If you’re an animation fan, then there’s a pretty good chance you’ve heard about The Thief and the Cobbler. It an independent film made by the animation director of the movie Who Framed Roger Rabbit, Richard Williams, and which took about 30 years to make. Williams started working on it as early as 1964, but got kicked out of his own project and the film ended up becoming an unoriginal Aladdin rip-off in 1993, when it first aired under Miramax. Now which film ripped-off which is a matter of debate, but The Thief and the Cobbler definitely got the short end of the stick on this one.

Then, back in 2006, a huge Richard Williams fan by the name of Garrett Gilchrist, made a fan edited version of the film. He did this with the help of many film animators who once worked on the original movie. He tried thus to capture the original version Williams had in mind for this movie. Since 2006, several revisions have been made to the film and maybe others will come in the future. This fan edited version is The Recobbled Cut.

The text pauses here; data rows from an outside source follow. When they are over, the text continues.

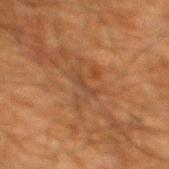From the mid back. The total-body-photography lesion software estimated a symmetry-axis asymmetry near 0.45. A male patient, aged around 60. A region of skin cropped from a whole-body photographic capture, roughly 15 mm wide. The lesion's longest dimension is about 2.5 mm.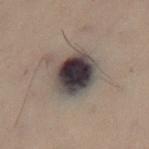Assessment:
This lesion was catalogued during total-body skin photography and was not selected for biopsy.
Clinical summary:
A 15 mm close-up extracted from a 3D total-body photography capture. The total-body-photography lesion software estimated a lesion area of about 17 mm², an eccentricity of roughly 0.45, and a symmetry-axis asymmetry near 0.1. From the right thigh. The subject is a female approximately 50 years of age.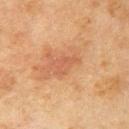imaging modality — total-body-photography crop, ~15 mm field of view
lesion diameter — ~3.5 mm (longest diameter)
subject — male, about 50 years old
body site — the arm
image-analysis metrics — a lesion area of about 5 mm², an outline eccentricity of about 0.8 (0 = round, 1 = elongated), and a shape-asymmetry score of about 0.45 (0 = symmetric); a normalized lesion–skin contrast near 4.5
lighting — cross-polarized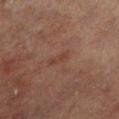Image and clinical context: The total-body-photography lesion software estimated an outline eccentricity of about 0.85 (0 = round, 1 = elongated) and two-axis asymmetry of about 0.3. It also reported an average lesion color of about L≈32 a*≈17 b*≈22 (CIELAB) and roughly 4 lightness units darker than nearby skin. The analysis additionally found border irregularity of about 3 on a 0–10 scale, internal color variation of about 0.5 on a 0–10 scale, and a peripheral color-asymmetry measure near 0. And it measured a nevus-likeness score of about 0/100 and lesion-presence confidence of about 100/100. Captured under cross-polarized illumination. Longest diameter approximately 2.5 mm. A close-up tile cropped from a whole-body skin photograph, about 15 mm across. A male subject, aged 68–72. From the left lower leg.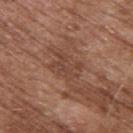Clinical impression:
Recorded during total-body skin imaging; not selected for excision or biopsy.
Context:
From the upper back. Approximately 4 mm at its widest. A roughly 15 mm field-of-view crop from a total-body skin photograph. Imaged with white-light lighting. A male patient aged 73 to 77.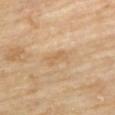| key | value |
|---|---|
| biopsy status | no biopsy performed (imaged during a skin exam) |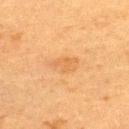Clinical impression:
Part of a total-body skin-imaging series; this lesion was reviewed on a skin check and was not flagged for biopsy.
Image and clinical context:
A female patient, aged around 55. A 15 mm crop from a total-body photograph taken for skin-cancer surveillance. Located on the upper back.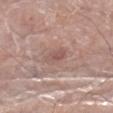Notes:
* notes — imaged on a skin check; not biopsied
* diameter — about 3 mm
* image — ~15 mm crop, total-body skin-cancer survey
* patient — male, aged around 80
* body site — the right lower leg
* lighting — white-light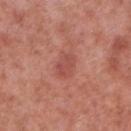No biopsy was performed on this lesion — it was imaged during a full skin examination and was not determined to be concerning.
The tile uses white-light illumination.
Automated tile analysis of the lesion measured a footprint of about 5.5 mm² and an eccentricity of roughly 0.75.
A male subject, aged 53–57.
The lesion's longest dimension is about 3 mm.
Located on the leg.
A roughly 15 mm field-of-view crop from a total-body skin photograph.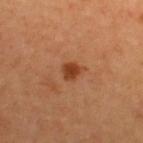image-analysis metrics: an area of roughly 3.5 mm² and two-axis asymmetry of about 0.25; a nevus-likeness score of about 90/100
subject: male, aged approximately 65
body site: the back
lesion diameter: ~2 mm (longest diameter)
tile lighting: cross-polarized
image: total-body-photography crop, ~15 mm field of view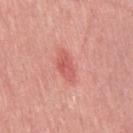Q: What lighting was used for the tile?
A: white-light illumination
Q: Who is the patient?
A: female, aged 38 to 42
Q: What is the imaging modality?
A: ~15 mm tile from a whole-body skin photo
Q: What is the lesion's diameter?
A: ~3.5 mm (longest diameter)
Q: What is the anatomic site?
A: the right thigh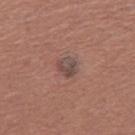| feature | finding |
|---|---|
| biopsy status | total-body-photography surveillance lesion; no biopsy |
| imaging modality | total-body-photography crop, ~15 mm field of view |
| automated metrics | a lesion area of about 4.5 mm², an outline eccentricity of about 0.5 (0 = round, 1 = elongated), and two-axis asymmetry of about 0.1; an automated nevus-likeness rating near 50 out of 100 and a detector confidence of about 100 out of 100 that the crop contains a lesion |
| subject | female, in their 50s |
| location | the right thigh |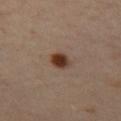<tbp_lesion>
  <biopsy_status>not biopsied; imaged during a skin examination</biopsy_status>
  <patient>
    <sex>female</sex>
    <age_approx>40</age_approx>
  </patient>
  <lesion_size>
    <long_diameter_mm_approx>2.5</long_diameter_mm_approx>
  </lesion_size>
  <site>left thigh</site>
  <lighting>cross-polarized</lighting>
  <image>
    <source>total-body photography crop</source>
    <field_of_view_mm>15</field_of_view_mm>
  </image>
</tbp_lesion>

Even though the story seems to have many things happening at once, the plot is pretty much a strait forward one. Like in Aladdin and many others, the story is about “the boy” who meets “the girl” and then the boy has to save the day. This simplistic view works to the film’s advantage since the writing and character development are put in second place, in favor of the animation itself. A huge risk for any movie, but this time it really paid off.

Even though it may seem an overstatement to some, we believe that The Thief and the Cobbler has some of the greatest hand-drawn animations in movie history. For starters, the background animation has so much detail in it that it can show the entirety of the Golden City in just one view. This is one of the main reasons it took so long to create. The characters are drawn equally as well and work together with the background to even create optical illusions. But given the fact that this is a fan version of the movie, there are moments when the fantastic illusion is broken by rough sketches or story boarding. They don’t necessarily ruin the experience, but these moments come in suddenly and drastically change the look of the film.

The Recobbled Cut of the movie gives us an opportunity to see how Richard Williams would have envisioned his masterpiece if he was allowed to finish it. Even though it may look incomplete in some parts, it does tell the story in an amazing way, with some of the greatest animation out there.